What we envision is a virtual musical environment which would be composed of zones with locally defined Control-Display ratios. 3D widgets, such as control boxes or 3D sliders, could amplify gestures, leading to an increased resolution of control, or reduce gestures, to increase the sense of presence. Outside these widgets, the user’s movements could be redirected, following the technique proposed in [10], in order to reduce the physical interaction space, keeping the hands in the same interaction area.
Figure 5 shows an example of interaction sequence within such an environment. On the leftmost figure, the user is interacting in a first control box which reduces their gestures compared to the visual display. In the middle figure, they are moving their hand to interact with a second box to the left. This transition is however redirected so that their hand is progressively brought back to its original position. They then reach the left control box inside which an amplification of gestures has been defined, in order to increase their control accuracy within a limited visual space.

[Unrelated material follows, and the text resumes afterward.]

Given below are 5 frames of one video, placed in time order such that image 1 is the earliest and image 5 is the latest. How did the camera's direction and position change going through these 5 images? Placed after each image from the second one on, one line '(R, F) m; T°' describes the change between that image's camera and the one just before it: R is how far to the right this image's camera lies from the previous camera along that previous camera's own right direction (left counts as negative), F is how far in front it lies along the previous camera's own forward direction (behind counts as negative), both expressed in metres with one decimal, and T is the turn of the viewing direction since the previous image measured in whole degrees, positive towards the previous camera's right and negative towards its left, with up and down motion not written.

While this proposal opens new opportunities for musical expression, it also creates many new design challenges, such as how to handle redirection for bi-manual interaction, how to integrate the navigation within such an environment, what are the exact thresholds for visually reducing and increasing gestures, and so on.

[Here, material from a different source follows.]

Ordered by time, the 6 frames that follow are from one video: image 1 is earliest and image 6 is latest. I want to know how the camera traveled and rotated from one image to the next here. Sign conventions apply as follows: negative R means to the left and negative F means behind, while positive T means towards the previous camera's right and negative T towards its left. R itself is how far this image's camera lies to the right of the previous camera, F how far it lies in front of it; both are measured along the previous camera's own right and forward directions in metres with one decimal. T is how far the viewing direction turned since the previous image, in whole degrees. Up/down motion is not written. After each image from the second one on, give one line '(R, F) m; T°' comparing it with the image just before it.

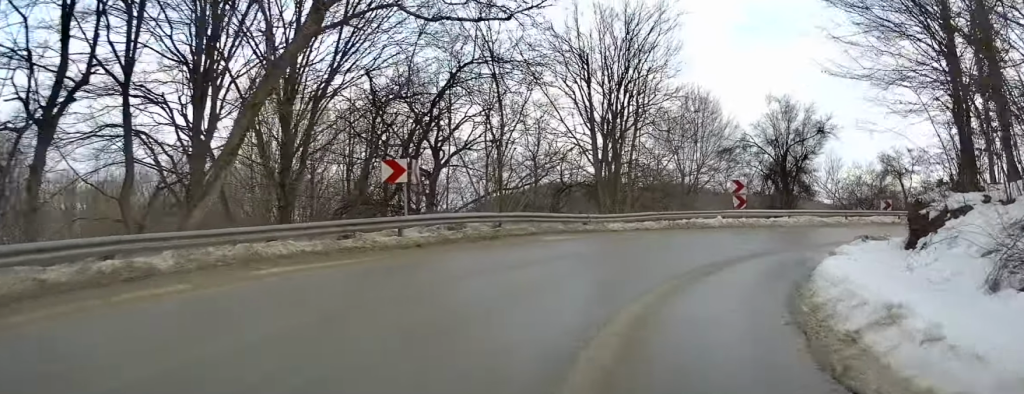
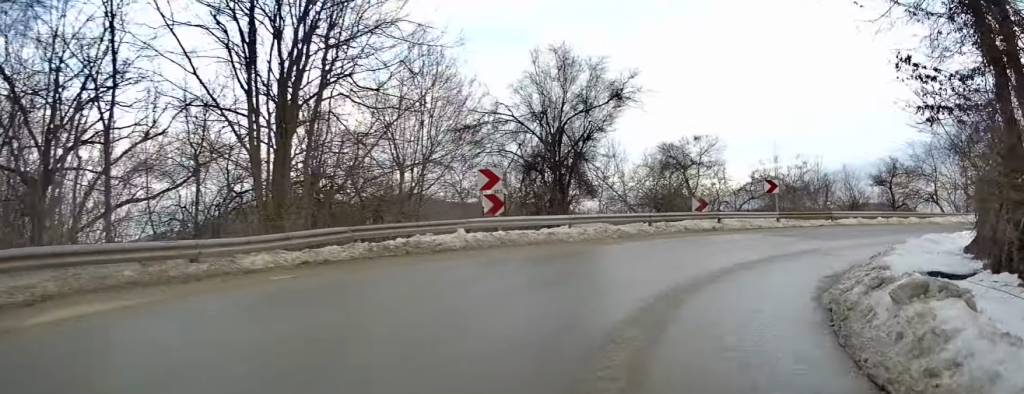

In this paper, we conducted an experiment to investigate how CDR could impact the user experience of a DMI. It showed that a moderate variation of CDR may have a positive impact on presence and control difficulty and indirectly that it may impact the fatigue by reducing the distance covered by the hand. In particular, it showed that the use of a CDR around 2/3 could lead to a gain of presence compared to a CDR of 1/3 and 2. The same CDR could also lead to a decrease of control difficulty compared to a CDR of 1/3.
Knowing this, we suggested a design of DMI with locally amplified or reduced interaction zones and a redirection mechanism to reach them. We hope this would permit to give a large range of controls to the users by choosing if they want more precision, presence or less fatigue when interacting.
Our experiment suffered from some limitations which should be taken into account for further research. Due to the attribution of participants IDs, conditions were not fully balanced across participants, some only occurring at even positions and others at odd ones. Remotely conducting the experiment also led to some participants being disturbed during the tasks, by noises or other persons in their houses, which would have not happened in a lab setting. The variety of musical presets, chosen to reduce a potential boredom bias, might have led to a stronger than desired effect of preference between the presets, which might have altered the answers. Finally while the task might not have been long enough to elicit fatigue, breaks between the tasks may also have been too short to return to a low enough fatigue level.
Among future work, we believe that our proposal for a redirected virtual musical environment has the most potential. It requires further investigation of advanced redirection techniques and thresholds.
This research was funded through the European Interreg VR4REHAB. All subjects participated voluntarily and signed an informed consent form.